> _DESCRIPTION OF THE TASK_
Every record below should be repeated word for word, with the pictures left out.

> _EXTRACTED RECORDS_
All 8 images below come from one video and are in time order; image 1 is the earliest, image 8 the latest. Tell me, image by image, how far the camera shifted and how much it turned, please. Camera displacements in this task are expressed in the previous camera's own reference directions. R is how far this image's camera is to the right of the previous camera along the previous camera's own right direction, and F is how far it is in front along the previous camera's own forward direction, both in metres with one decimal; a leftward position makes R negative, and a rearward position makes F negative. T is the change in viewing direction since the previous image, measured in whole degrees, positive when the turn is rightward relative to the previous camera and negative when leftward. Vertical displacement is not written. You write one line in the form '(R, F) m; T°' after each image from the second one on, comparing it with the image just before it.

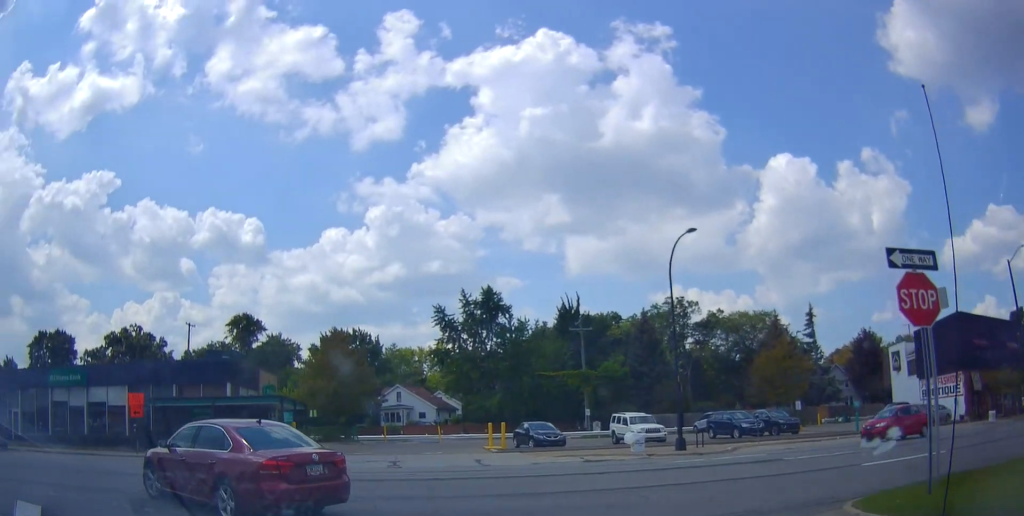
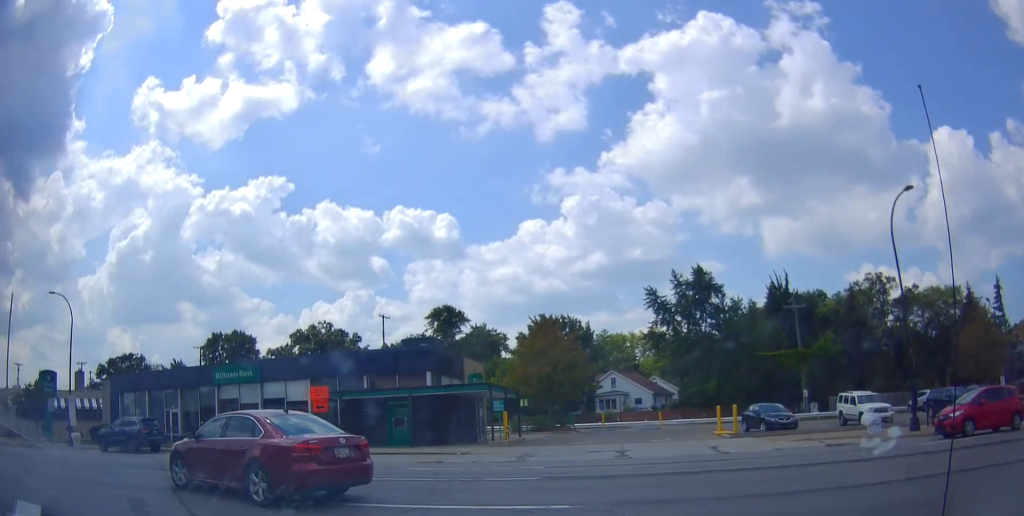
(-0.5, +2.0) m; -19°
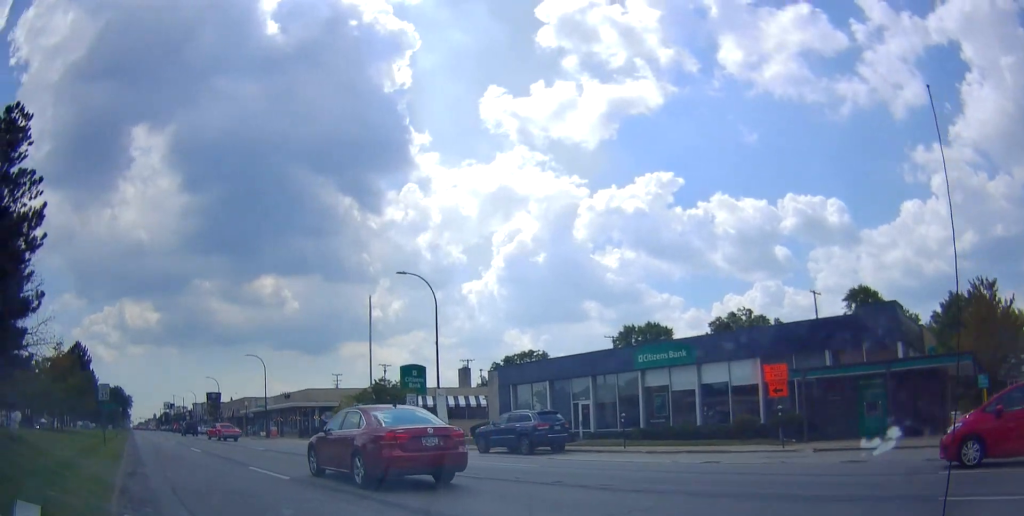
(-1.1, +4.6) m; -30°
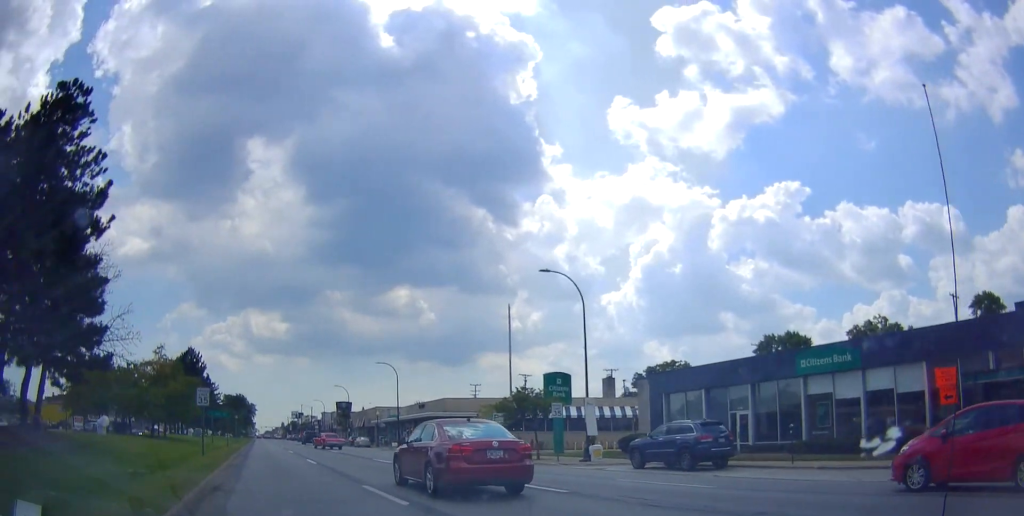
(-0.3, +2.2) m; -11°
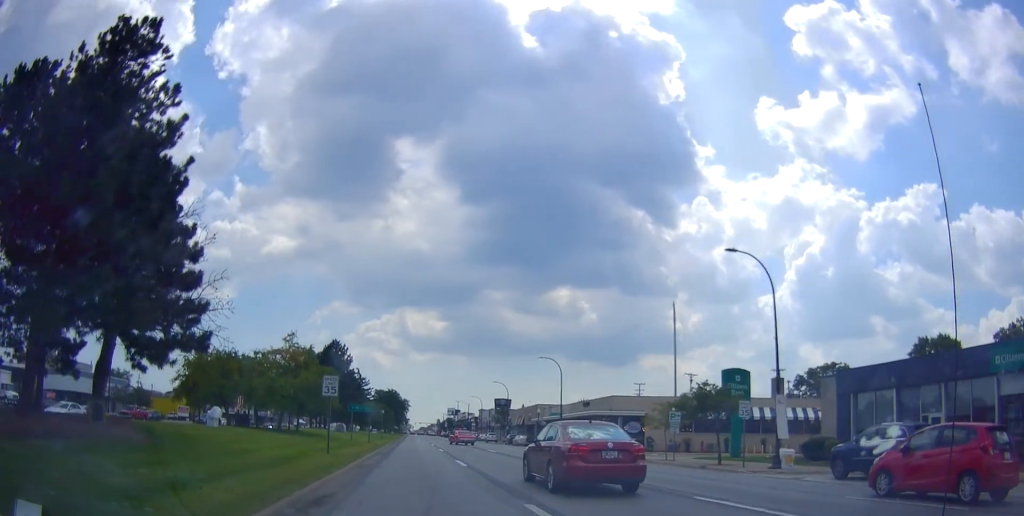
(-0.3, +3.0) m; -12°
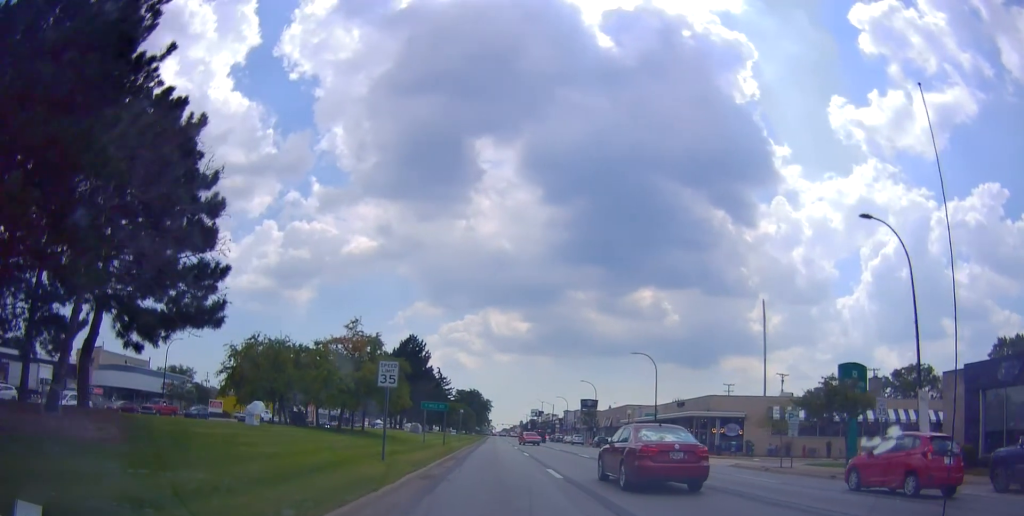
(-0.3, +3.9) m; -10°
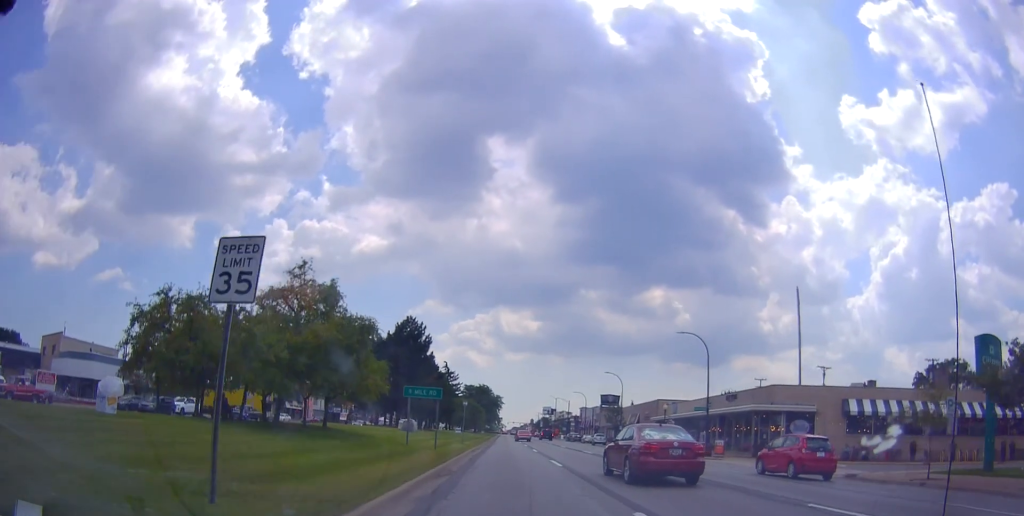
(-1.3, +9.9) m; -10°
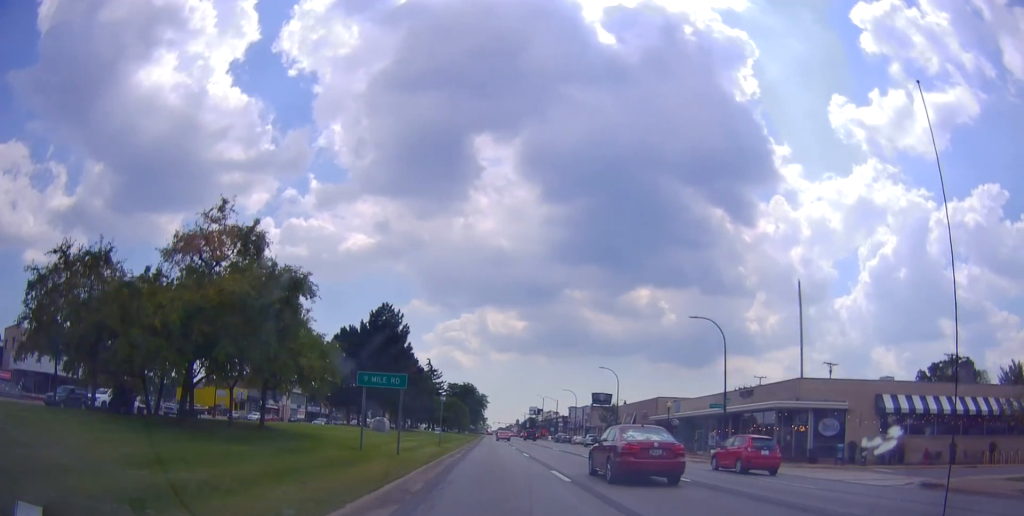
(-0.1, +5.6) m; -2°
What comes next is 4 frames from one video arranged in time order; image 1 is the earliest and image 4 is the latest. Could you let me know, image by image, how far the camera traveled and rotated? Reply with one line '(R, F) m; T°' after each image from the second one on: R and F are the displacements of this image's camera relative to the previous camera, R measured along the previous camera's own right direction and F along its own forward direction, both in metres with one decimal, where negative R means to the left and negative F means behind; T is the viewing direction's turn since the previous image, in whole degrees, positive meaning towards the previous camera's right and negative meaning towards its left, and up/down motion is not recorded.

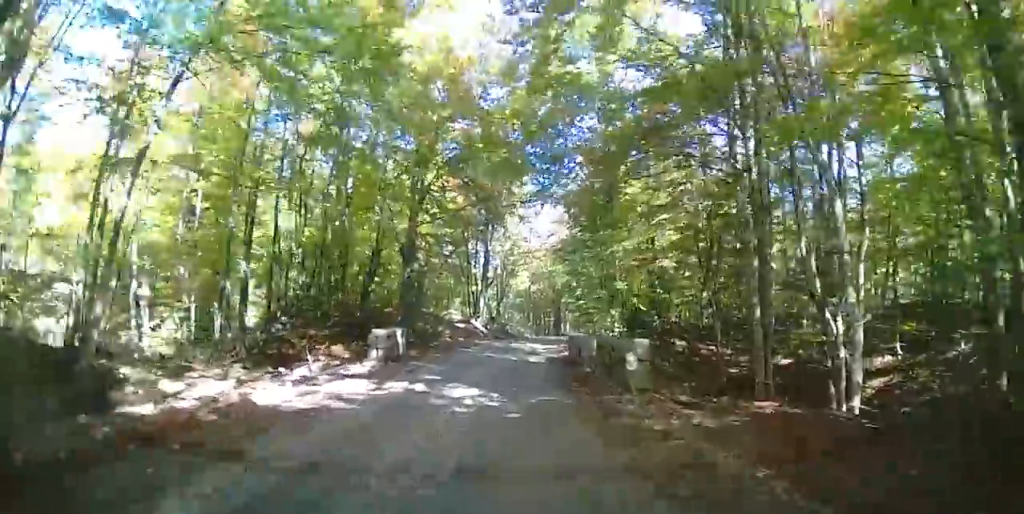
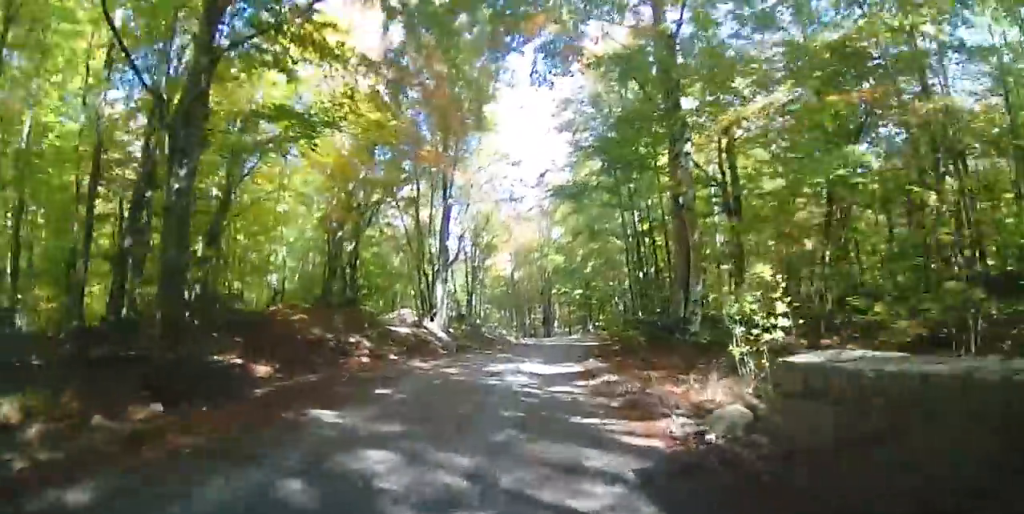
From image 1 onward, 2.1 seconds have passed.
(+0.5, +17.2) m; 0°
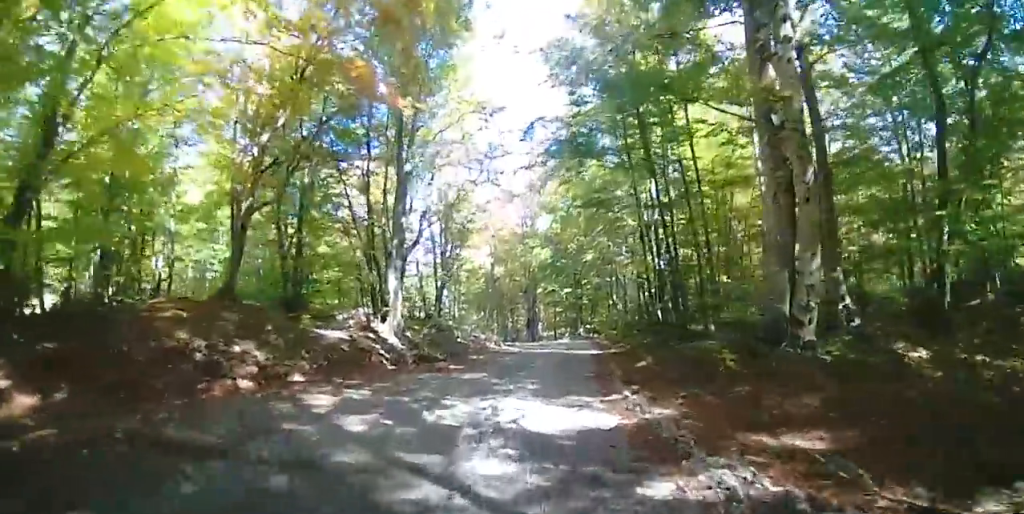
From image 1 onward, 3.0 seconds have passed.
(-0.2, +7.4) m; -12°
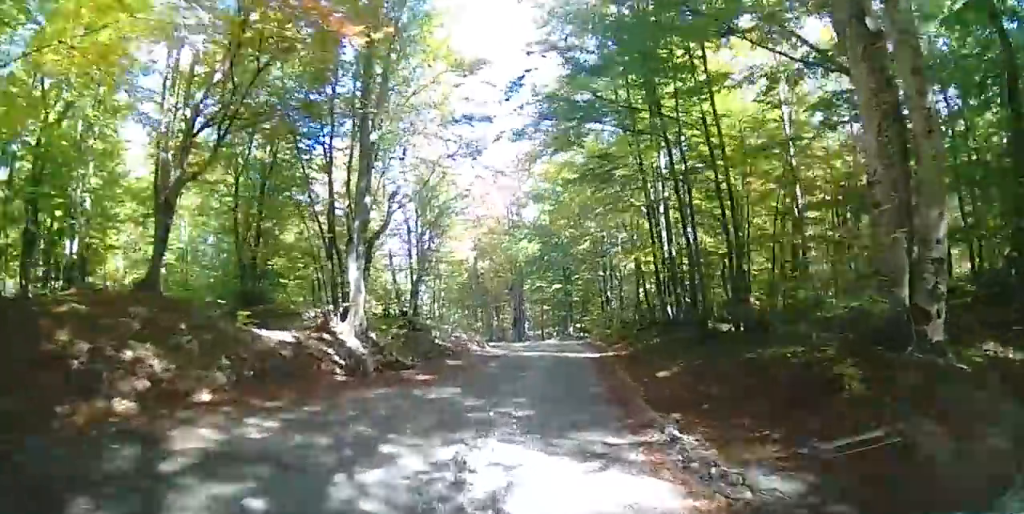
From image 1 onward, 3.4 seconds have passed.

> _THE ANSWER_
All 8 images below come from one video and are in time order; image 1 is the earliest, image 8 the latest. Tell me, image by image, how far the camera shifted and how much it turned, please. Camera displacements in this task are expressed in the previous camera's own reference directions. R is how far this image's camera is to the right of the previous camera along the previous camera's own right direction, and F is how far it is in front along the previous camera's own forward direction, both in metres with one decimal; a leftward position makes R negative, and a rearward position makes F negative. T is the change in viewing direction since the previous image, measured in whole degrees, positive when the turn is rightward relative to the previous camera and negative when leftward. Vertical displacement is not written. You write one line in the form '(R, F) m; T°' after each image from the second one on, comparing it with the image just before it.

(-0.5, +2.0) m; -19°
(-1.1, +4.6) m; -30°
(-0.3, +2.2) m; -11°
(-0.3, +3.0) m; -12°
(-0.3, +3.9) m; -10°
(-1.3, +9.9) m; -10°
(-0.1, +5.6) m; -2°
What comes next is 4 frames from one video arranged in time order; image 1 is the earliest and image 4 is the latest. Could you let me know, image by image, how far the camera traveled and rotated? Reply with one line '(R, F) m; T°' after each image from the second one on: R and F are the displacements of this image's camera relative to the previous camera, R measured along the previous camera's own right direction and F along its own forward direction, both in metres with one decimal, where negative R means to the left and negative F means behind; T is the viewing direction's turn since the previous image, in whole degrees, positive meaning towards the previous camera's right and negative meaning towards its left, and up/down motion is not recorded.

From image 1 onward, 2.1 seconds have passed.
(+0.5, +17.2) m; 0°
From image 1 onward, 3.0 seconds have passed.
(-0.2, +7.4) m; -12°
From image 1 onward, 3.4 seconds have passed.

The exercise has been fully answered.